S'attacher pour mieux se détacher

 Intervention de Willy Bakeroot

De l'importance de naître dans les choux
ou la mythologie millénaire des petits trognons

C'est à un petit voyage dans le monde des choux que je vous convie. Une demi-heure, c'est peu. Mais je vais tout de même vous raconter quelques petites choses à propos de ce légume vieux comme le monde et qui a toujours été associé à la fécondité, à la naissance et à la croissance des enfants. Légume qui nous invite à comprendre que l'autonomie ne peut exister que dans la mesure d'un attachement à nos racines. Le langage métaphorique, la pensée analogique et la mythologie guideront nos pas.

Il y a 20 siècles, Pline l'ancien disait déjà : "le chou est comme un petit enfant dont il a la grosseur".([1])
Rassurez-vous, je ne vais pas essayer de vous prouver que les enfants naissent dans les choux. Ça, vous le savez bien. Il n'y a rien à prouver à ce sujet, il y a seulement à suggérer qu'il est peut-être important de savoir qu'ils naissent dans les choux.
J'espère tout de même réhabiliter, un tant soit peu, le mythe de la naissance dans les choux. Autrefois, les mères paysannes utilisaient abondamment cette métaphore pour permettre aux enfants d'accéder à une connaissance qu'ils ne peuvent assumer trop tôt.
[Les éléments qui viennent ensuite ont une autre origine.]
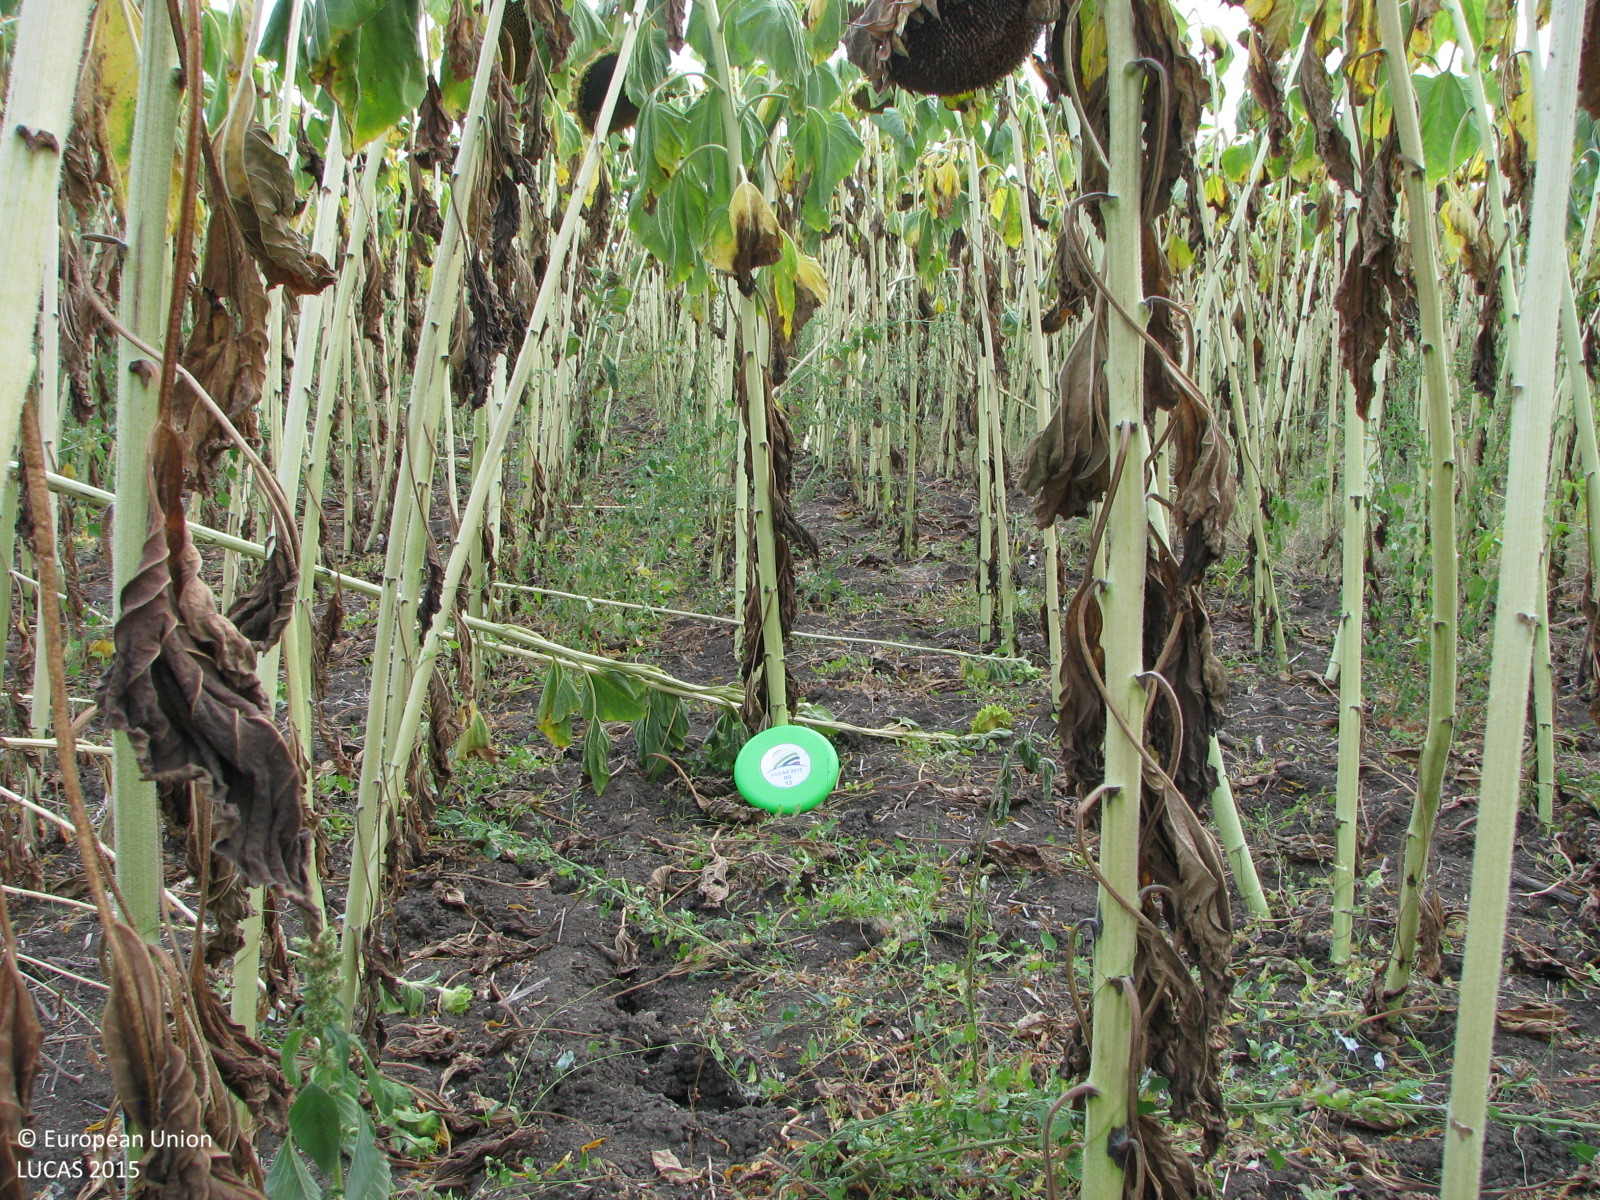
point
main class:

À plusieurs reprises, lorsque dans une conversation, j'ai évoqué la naissance dans les choux, même avec des amis qui ne me prennent pas particulièrement pour un demeuré, j'ai remarqué un petit recul sérieux. Un peu comme s'ils y croyaient. Puis suivait un retour à la fois circonspect et légèrement enfariné : "Oh ! c'est fini ça ! maintenant on ne parle plus de ça aux enfants". Le registre humoristique faisait place, un instant, à un sérieux  songeur.

Ce qui m'a frappé, c'est la phrase "c'est fini... on ne parle plus de ça..." Comme s'il ne fallait plus parler de quelque chose de gênant parce que cela faisait remonter une mémoire qu'on n'a pas tellement envie de solliciter. Peut-être ressentent-ils que toucher à ces territoires transitionnels très anciens a, comme le dit Winnicott, quelque chose de dangereux.

Je n'ai jamais observé une telle réaction en parlant du père Noël ou de saint Nicolas. Dans ce cas-là, le registre humoristique est maintenu.
Cette réaction est assez curieuse car ce sont parfois les mêmes qui, un instant après, valoriseront l'importance du jeu chez l'enfant !!! Ce sont eux aussi qui raconteront à leurs enfants que c'est papa qui plante la petite graine ???

Le chemin qui va de la naissance à la réalité des adultes est farci de métaphores qui catalysent les métamorphoses autant du corps que de l'esprit. Sans le passage par ce chemin symbolico-imaginaire, la maturation de l'enfant risque de ne pas se dérouler normalement.

C'est bien ce que précise Winnicott avec l'espace transitionnel ou encore l'aire de jeu. De plus, Winnicott ajoute que la maturation qui mène à la réalité objective ne doit pas se faire trop rapidement.([2])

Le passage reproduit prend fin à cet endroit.